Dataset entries

####################

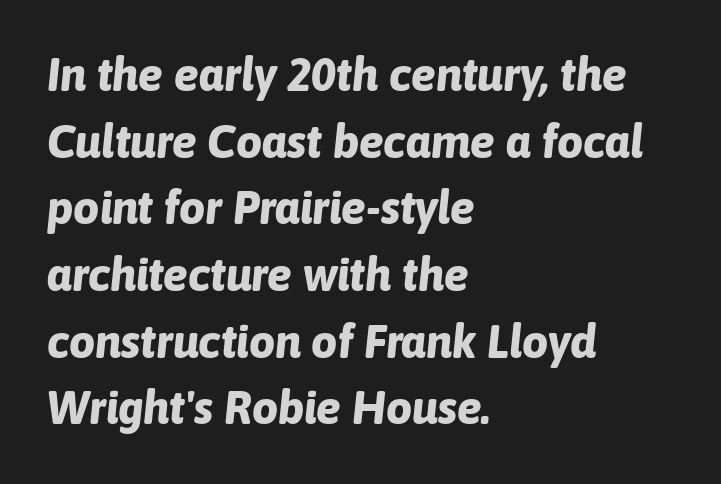
Q: Is the text bold? A: Yes.
Q: Is the text italic (slanted)? A: Yes, it leans right by about 6 degrees.
Q: Is the text underlined? A: No.
Q: How is the paragraph aligned? A: Left-aligned.
Q: Is the spacing between letters normal or unusually wide? A: Normal.
Q: Is the spacing between lines tight, normal or loose? A: Normal.
Q: Width (condensed, normal, or wide)? A: Normal.
Q: Stroke contrast? A: Low.
Q: x-height? A: Medium.
Q: Monospaced? A: No.
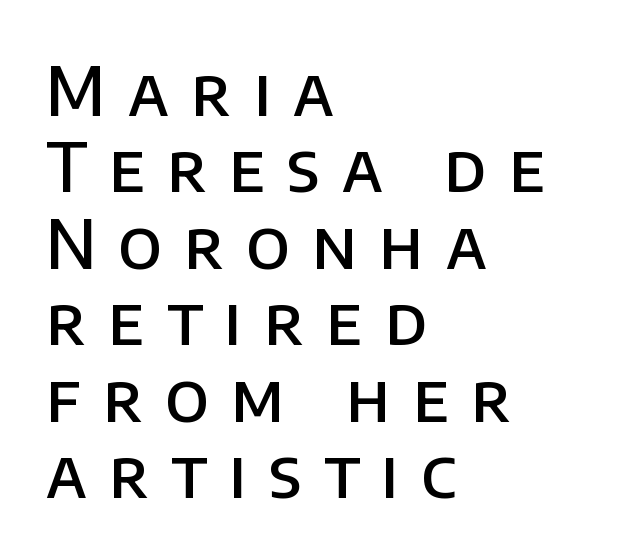
The image shows 67 px semibold sans-serif type, upright; set left-aligned, tight line spacing (1.14x), unusually wide letter spacing (+0.33 em), not underlined; low stroke contrast and a large x-height.
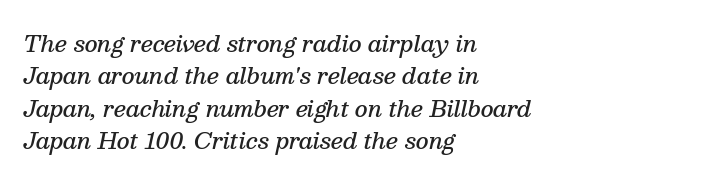
{"italic": "yes", "lean": "right", "slant_degrees": 13, "bold": "semi", "underline": "no", "align": "left", "line_spacing": "normal", "line_spacing_ratio": 1.47, "letter_spacing": "normal", "letter_spacing_em": 0.0, "glyph_px": 22}
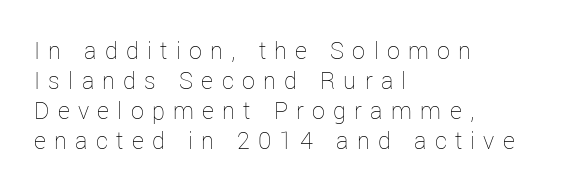
{"italic": "no", "bold": "no", "underline": "no", "align": "left", "line_spacing_ratio": 1.16, "letter_spacing": "wide", "letter_spacing_em": 0.32, "glyph_px": 26}
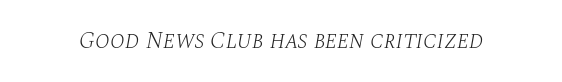
{"italic": "yes", "lean": "right", "slant_degrees": 10, "bold": "no", "underline": "no", "letter_spacing": "normal", "letter_spacing_em": 0.0, "glyph_px": 24}
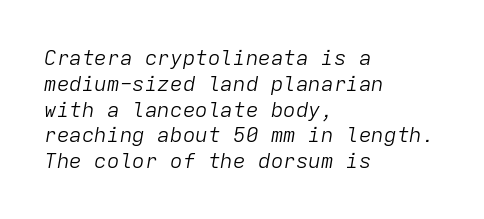
This rendering leaves character spacing at its baseline value. Which margin do the lines hug? The left one — the right edge is uneven. Lines of text with bare space underneath. Is this a heavy cut? Hardly; it is regular or lighter.
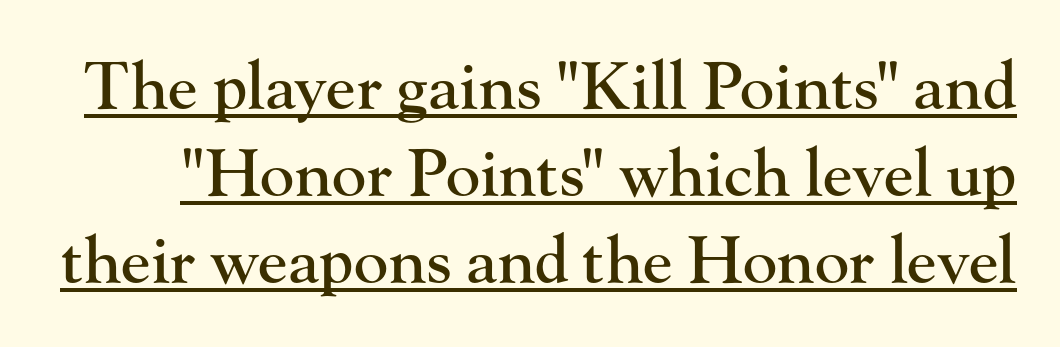
Q: Is the text italic (slanted)? A: No, it is upright.
Q: Is the typeface a serif or a sans-serif typeface? A: Serif.
Q: Is the text underlined? A: Yes.
Q: Is the spacing between letters normal or unusually wide? A: Normal.
Q: Is the spacing between lines tight, normal or loose? A: Normal.
Q: Width (condensed, normal, or wide)? A: Normal.
Q: Stroke contrast? A: High.
Q: x-height? A: Small.
Q: Monospaced? A: No.
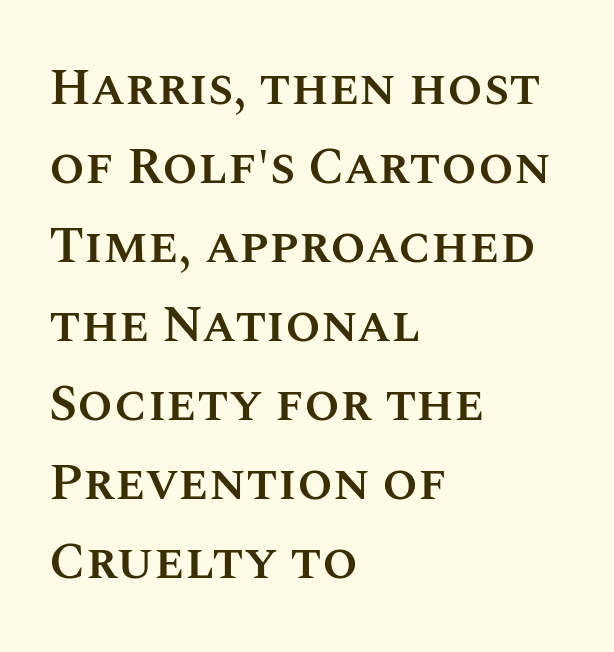
Q: Is the text bold? A: Semi-bold.
Q: Is the text italic (slanted)? A: No, it is upright.
Q: Is the text underlined? A: No.
Q: How is the paragraph aligned? A: Left-aligned.
Q: Is the spacing between letters normal or unusually wide? A: Normal.
Q: Is the spacing between lines tight, normal or loose? A: Normal.
Q: Width (condensed, normal, or wide)? A: Normal.
Q: Stroke contrast? A: Medium.
Q: x-height? A: Large.
Q: Monospaced? A: No.
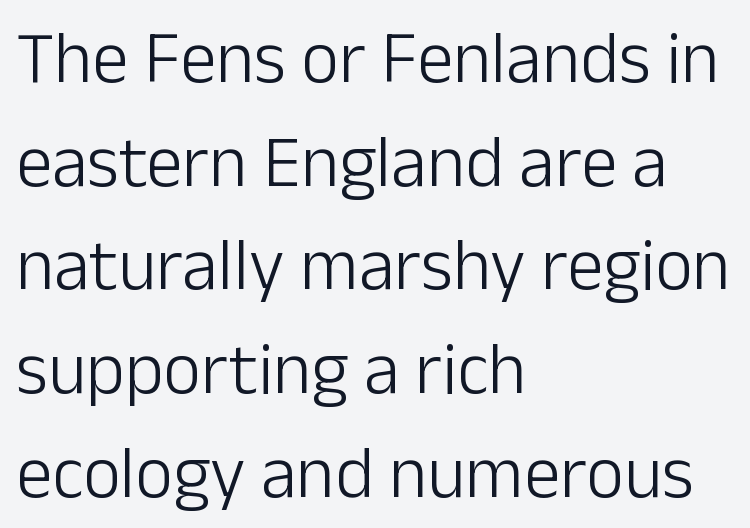
The image shows 73 px light sans-serif type, upright; set left-aligned, normal line spacing (1.42x), normal letter spacing, not underlined; low stroke contrast and a medium x-height.
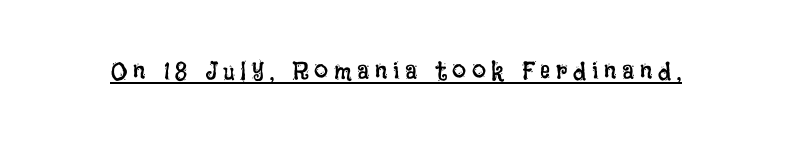
Upright lettering throughout. Look at the tracking — it's clearly loosened, letters drifting apart. Beneath each row of characters lies a ruled line. Vertical stems look standard width or narrower in stroke.
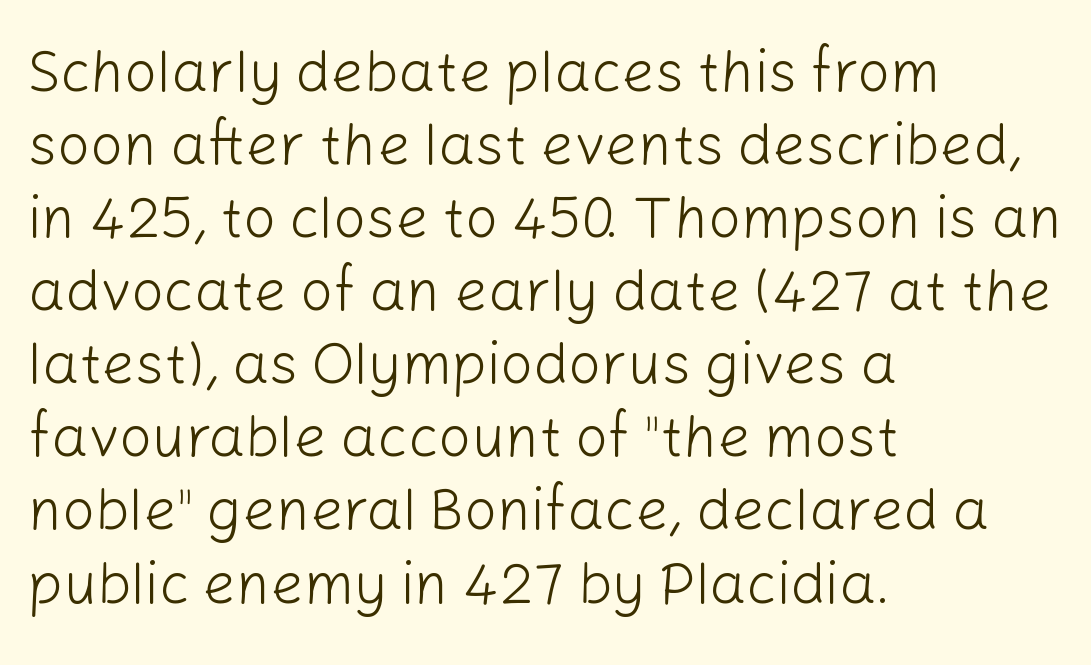
Q: Is the text bold? A: No.
Q: Is the text italic (slanted)? A: No, it is upright.
Q: Is the typeface a serif or a sans-serif typeface? A: Sans-serif.
Q: Is the text underlined? A: No.
Q: How is the paragraph aligned? A: Left-aligned.
Q: Is the spacing between letters normal or unusually wide? A: Normal.
Q: Is the spacing between lines tight, normal or loose? A: Normal.
Q: Width (condensed, normal, or wide)? A: Normal.
Q: Stroke contrast? A: Low.
Q: x-height? A: Medium.
Q: Monospaced? A: No.
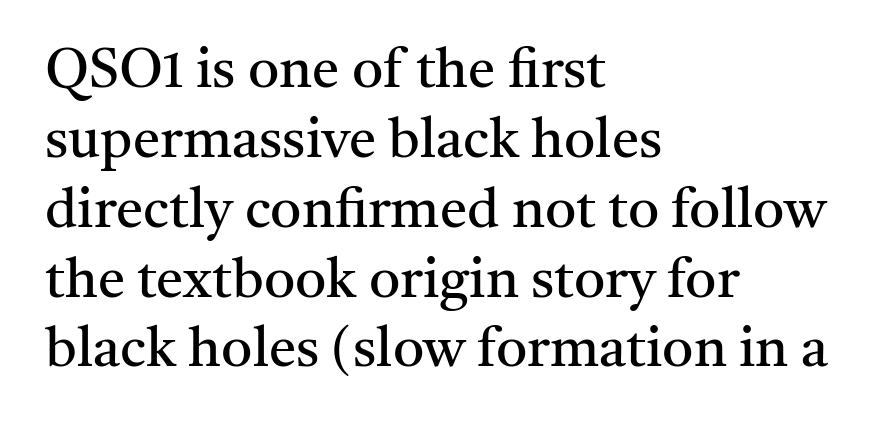
Descenders are the only things crossing below the line. Baseline-to-baseline distance is the conventional proportion of letter height. The passage shown is not bold in any degree. Spacing verdict: proportional, widths tailored to each character. The passage is arranged the way most books set body copy — flush left. Observe the serifs anchoring each vertical stroke in this sample.
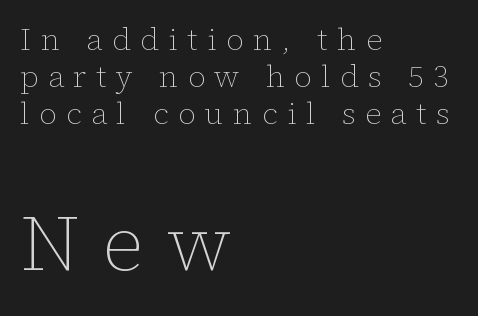
The designer gave the closing block more size than the opening block. The weight tops out at a normal text grade. Beneath every word, the page is bare. The line texture is sparse and dotted thanks to wide tracking.
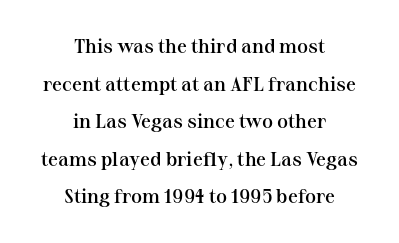
The image shows 20 px text type, upright; set centered, line spacing 1.88x, normal letter spacing, not underlined.
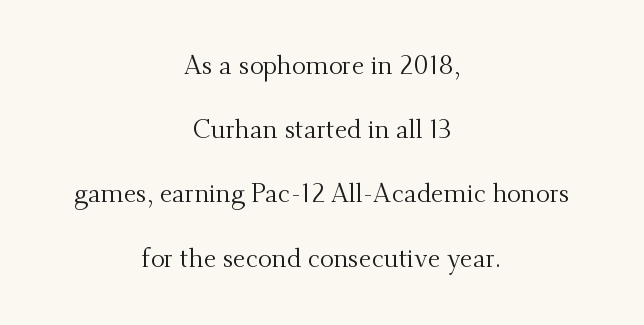
Q: Is the text bold? A: No.
Q: Is the text italic (slanted)? A: No, it is upright.
Q: Is the text underlined? A: No.
Q: How is the paragraph aligned? A: Centered.
Q: Is the spacing between letters normal or unusually wide? A: Normal.
Q: Is the spacing between lines tight, normal or loose? A: Loose.
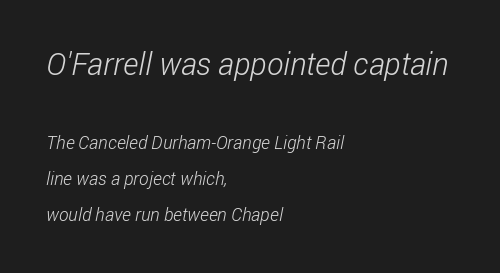
Character size in the leading block exceeds that of the trailing block. Is this a heavy cut? Hardly; it is regular or lighter. Leading is clearly above the norm, producing a sparse column. These lines are rendered in a variable-pitch font. Is the block centered? No — it sits flush against the left margin.
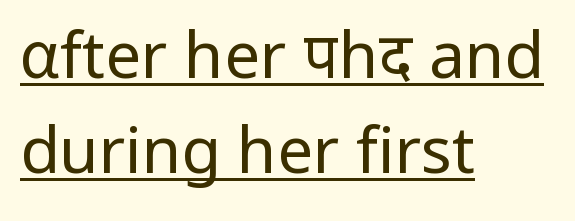
{"serif": "no", "italic": "no", "bold": "no", "weight": "regular", "width": "normal", "stroke_contrast": "low", "x_height": "medium", "monospaced": "no", "underline": "yes", "align": "left", "line_spacing": "normal", "line_spacing_ratio": 1.49, "letter_spacing": "normal", "letter_spacing_em": 0.0, "glyph_px": 64}
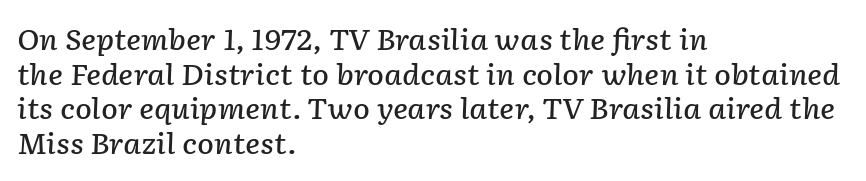
The image shows 28 px semibold type, italic (leaning right); set left-aligned, line spacing 1.24x, normal letter spacing, not underlined; low stroke contrast and a medium x-height.
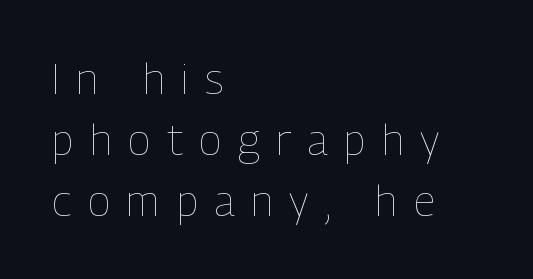
{"italic": "no", "bold": "no", "weight": "thin", "width": "condensed", "stroke_contrast": "low", "x_height": "medium", "monospaced": "no", "underline": "no", "align": "left", "line_spacing": "normal", "line_spacing_ratio": 1.42, "letter_spacing": "wide", "letter_spacing_em": 0.38, "glyph_px": 43}
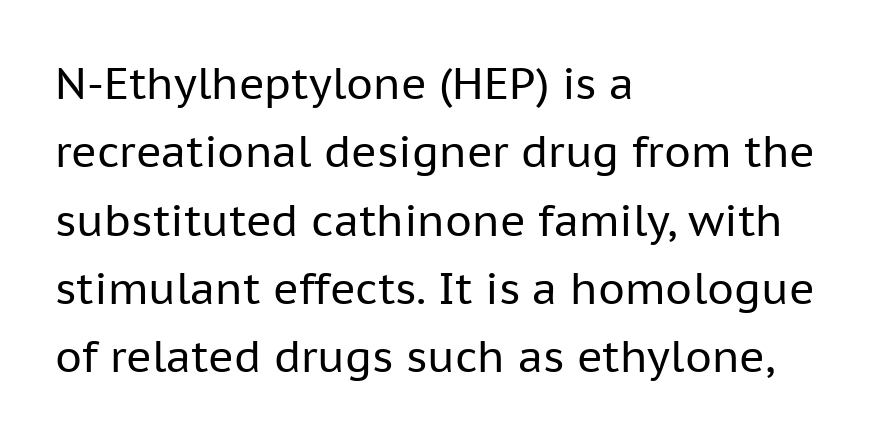
Q: Is the text bold? A: No.
Q: Is the text italic (slanted)? A: No, it is upright.
Q: Is the typeface a serif or a sans-serif typeface? A: Sans-serif.
Q: Is the text underlined? A: No.
Q: How is the paragraph aligned? A: Left-aligned.
Q: Is the spacing between letters normal or unusually wide? A: Normal.
Q: Is the spacing between lines tight, normal or loose? A: Normal.
Q: Width (condensed, normal, or wide)? A: Normal.
Q: Stroke contrast? A: Low.
Q: x-height? A: Medium.
Q: Monospaced? A: No.
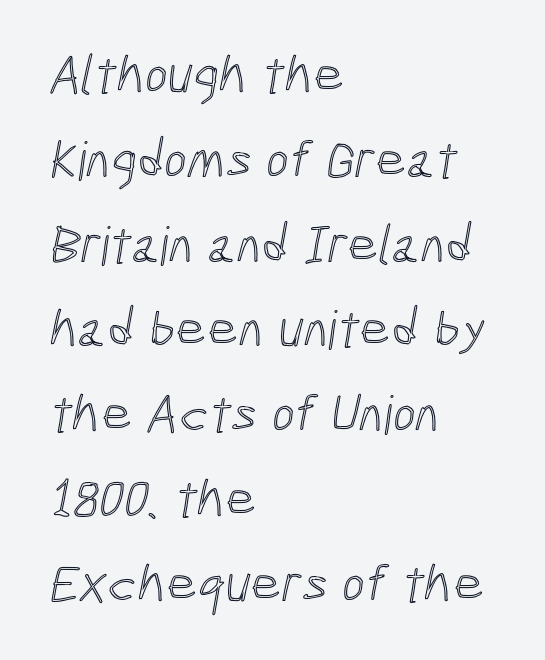
{"width": "condensed", "x_height": "medium", "monospaced": "no", "underline": "no", "align": "left", "line_spacing": "normal", "line_spacing_ratio": 1.57, "letter_spacing": "normal", "letter_spacing_em": 0.0, "glyph_px": 54}
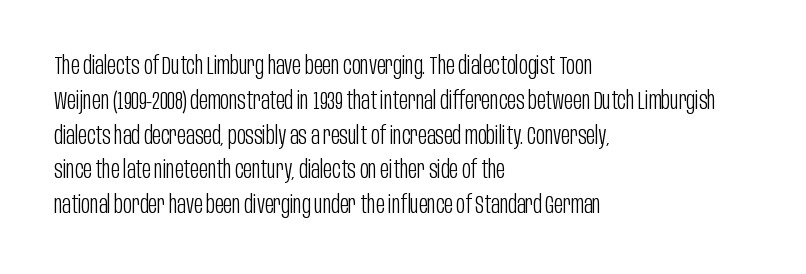
{"italic": "no", "bold": "no", "underline": "no", "align": "left", "line_spacing": "normal", "line_spacing_ratio": 1.45, "letter_spacing": "normal", "letter_spacing_em": 0.0, "glyph_px": 24}

####################

# TASK DETAILS:
From the entries above, select each line containing the string "sans".

# RESPONSE TO THE TASK:
The image shows 67 px semibold sans-serif type, upright; set left-aligned, tight line spacing (1.14x), unusually wide letter spacing (+0.33 em), not underlined; low stroke contrast and a large x-height.
Q: Is the typeface a serif or a sans-serif typeface? A: Serif.
The image shows 73 px light sans-serif type, upright; set left-aligned, normal line spacing (1.42x), normal letter spacing, not underlined; low stroke contrast and a medium x-height.
Q: Is the typeface a serif or a sans-serif typeface? A: Sans-serif.
Q: Is the typeface a serif or a sans-serif typeface? A: Sans-serif.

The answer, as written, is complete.